Der unsinnige Brückenweg

Kolumne: von Hängebrücken und Wegzöllen

Und wieder sorgt eine Hängebrücke für Schlagzeilen. Gemeint ist die neue Hängebrücke über die Gummischlucht bei Sigriswil am schönen Thunersee. Am 14. Oktober 2012 eröffnet, zieht sie bereits Massen von Touristen an. Doch viele kehren um, ohne die Brücke überquert zu haben. Der Gang über die Schlucht kostet acht Franken. Brücken- oder Wegzoll wird die Gebühr in Leserbriefen genannt.

Der Betrag ermöglicht die Retour-Überquerung der Brücke, also hin und zurück. Gemäss Webseite des Vereines gibt es keine Einweg-Tickets, was ja dem Sinn des Panoramaweges am ehesten entsprechen würde. Auch keine Familien-Ermässigung, nur Einwohner der elf umliegenden Sigriswiler Dörfer dürfen die Brücke gratis nutzen. Allerdings hat Sigriswil den Bau der Brücke auch mit einem zinslosen Darlehen ermöglicht, und es wäre demnach frech, dem Steuerzahler noch Wegzoll abzuknöpfen. Ach ja, Halbtax, Junior- sowie Enkelkarte und das GA sind natürlich nicht gültig.

Die Brücke wurde vom Verein “Panorama-Rundweg Thunersee” erstellt. Er bezweckt den Bau eines 56 Kilometer langen Panoramaweges rund um den Thunersee. Der Weg beinhaltet im Endausbau, gemäss Projekt von 2007, sechs Hängebrücken. Diese sollen völlig neue Wanderperspektiven eröffnen. Dazu ein Zitat von der Webseite des Vereines: “Dank modernster Bautechnik lassen sich Gräben und Schluchten (Cholerenschlucht, Kellischlucht, Riderbachschlucht, Guntenbachschlucht, Chrutbachgraben und Spissigraben) mühelos und sicher überwinden, so wird jede Wanderung mit nur geringen Höhenunterschieden zu einem unvergesslichen Erlebnis.”

Wie bitte!? Nur geringe Höhenunterschiede?

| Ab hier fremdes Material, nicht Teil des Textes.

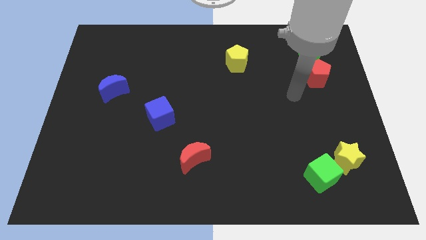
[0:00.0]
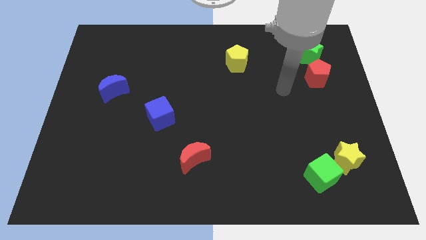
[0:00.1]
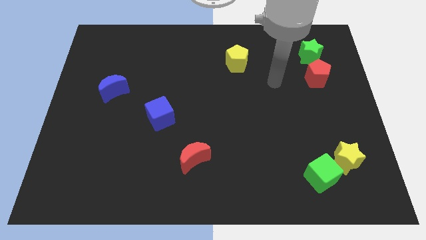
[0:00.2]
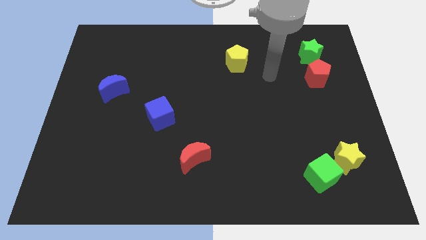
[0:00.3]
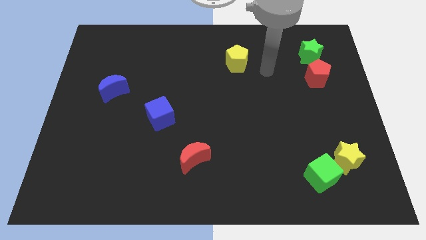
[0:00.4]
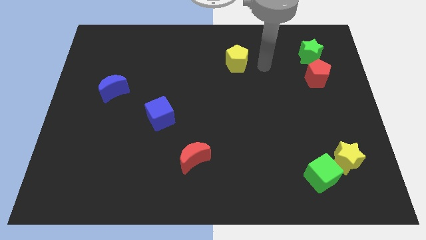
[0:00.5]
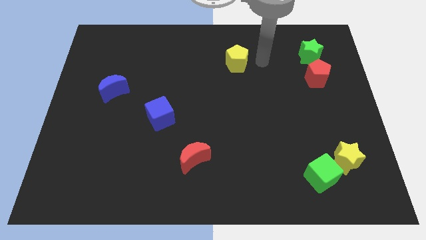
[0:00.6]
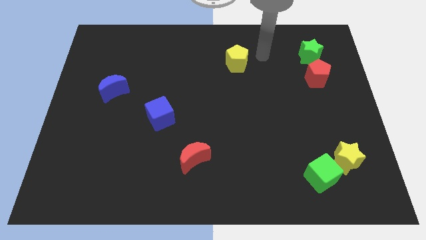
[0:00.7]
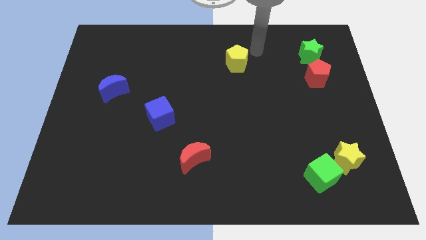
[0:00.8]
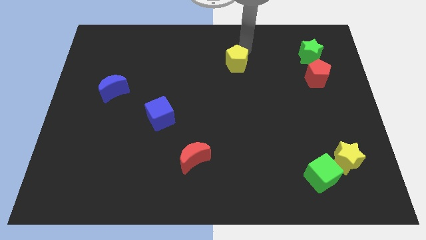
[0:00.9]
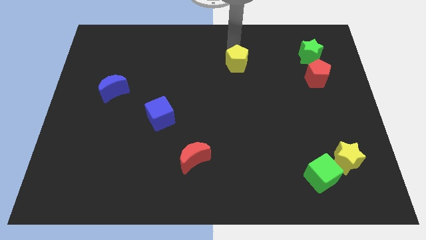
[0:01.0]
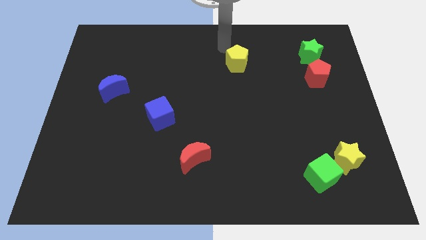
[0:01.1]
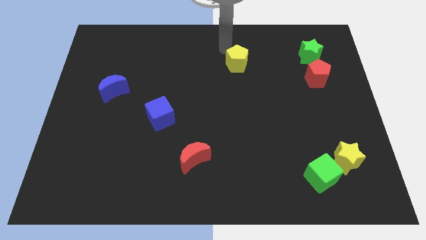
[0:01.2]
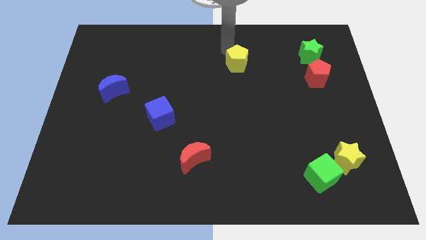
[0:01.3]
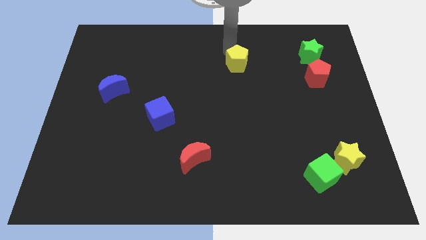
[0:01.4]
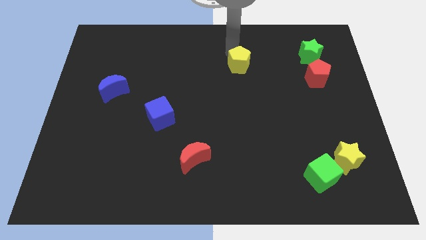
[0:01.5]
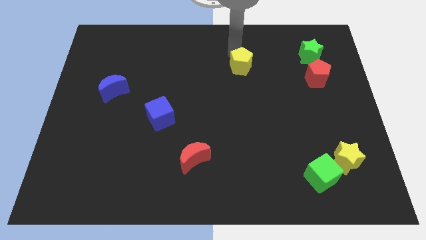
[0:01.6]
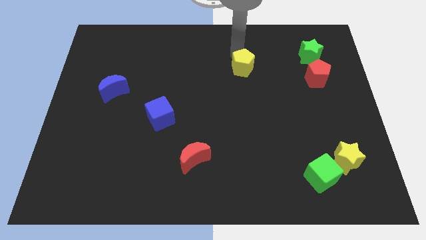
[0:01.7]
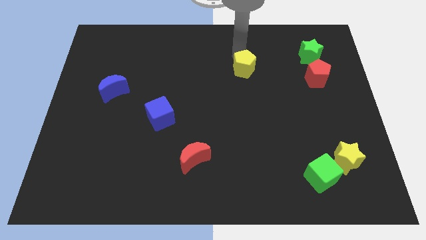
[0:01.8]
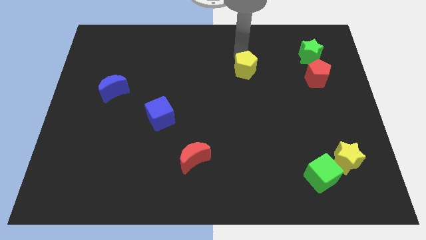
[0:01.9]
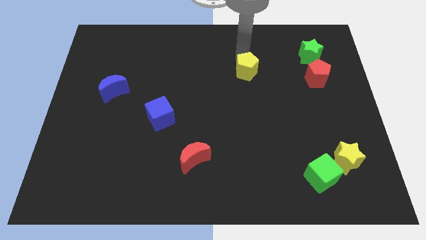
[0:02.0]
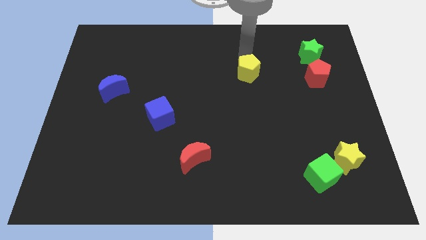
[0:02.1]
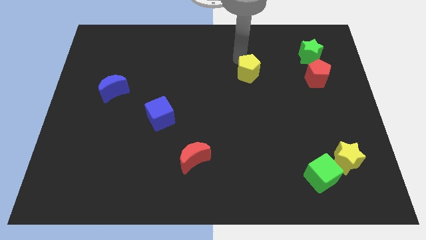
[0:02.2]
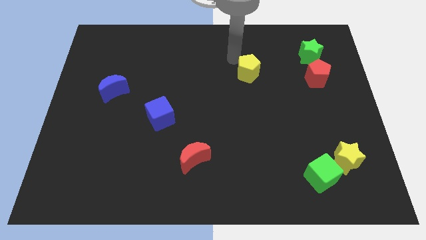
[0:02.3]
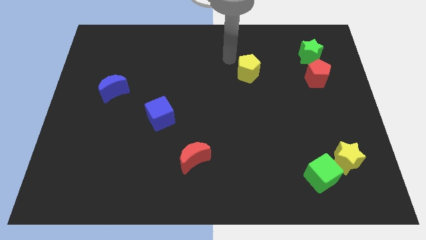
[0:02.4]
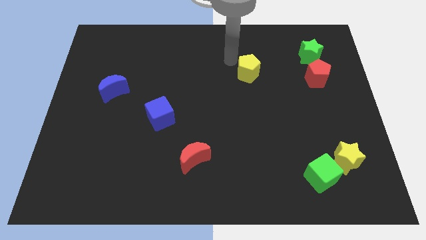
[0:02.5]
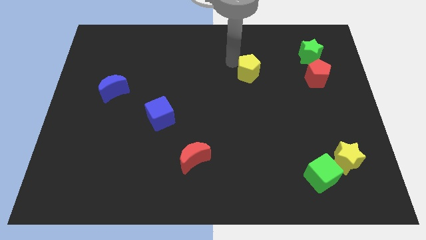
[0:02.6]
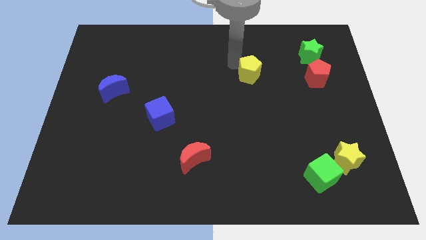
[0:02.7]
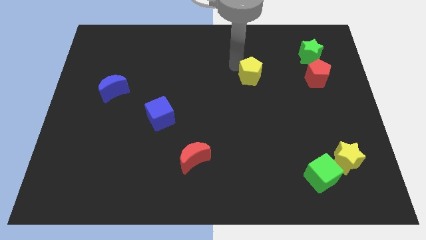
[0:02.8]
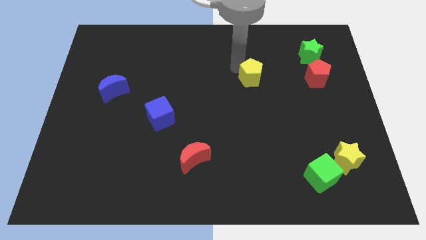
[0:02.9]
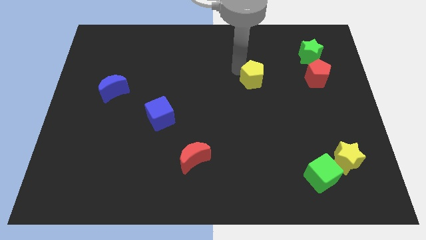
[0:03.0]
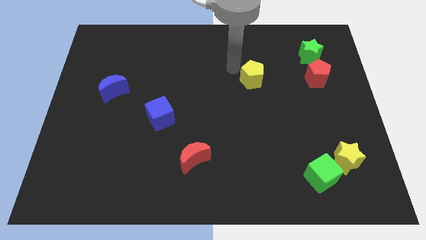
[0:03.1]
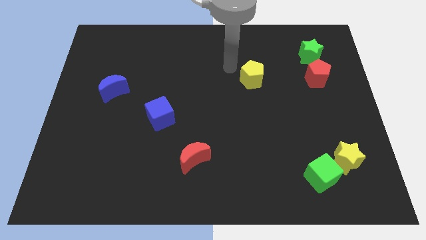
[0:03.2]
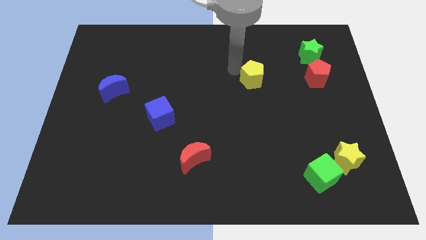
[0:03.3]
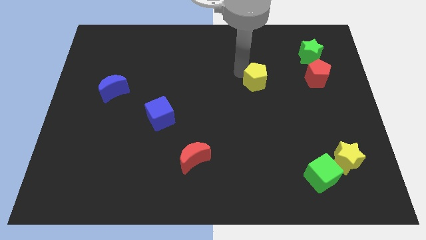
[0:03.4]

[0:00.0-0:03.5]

Ich soll nicht in diese faszinierenden Schluchten absteigen, nicht die grandiose Natur und die tief eingefressenen Gräben am eigenen Leib erleben? Kein schweisstreibendes Wiederaufsteigen auf der anderen Seite der Schlucht, um triumphierend über die eigene Leistung wieder auf der Höhe zu stehen? Wo liegt denn da der Wanderspass?

Mir bleibt nur ein Querverweis auf meinen Lieblings-Wanderblogger. Thomas Widmer schrieb im Jahre 2010 über ein neues Hängebrücken-Konzept: “Wenn das so weitergeht, kann der letzte Tourismusort, der nicht mitmacht, bald für sich werben mit dem Slogan: garantiert hängebrückenfrei.”

In diesem Sinne plädiere ich für die Einführung des Labels “garantiert hängebrückenfrei”. Es gibt aber schon so viele Labels … Also besser doch nicht, sonst gibts am Schluss ein Label-Wettrüsten. Gut, das ist vermutlich schonender für die Umwelt als Hängebrücken, Plattformen und Seilparks. Aber eben, ein Wettrüsten möchte ich doch vermeiden.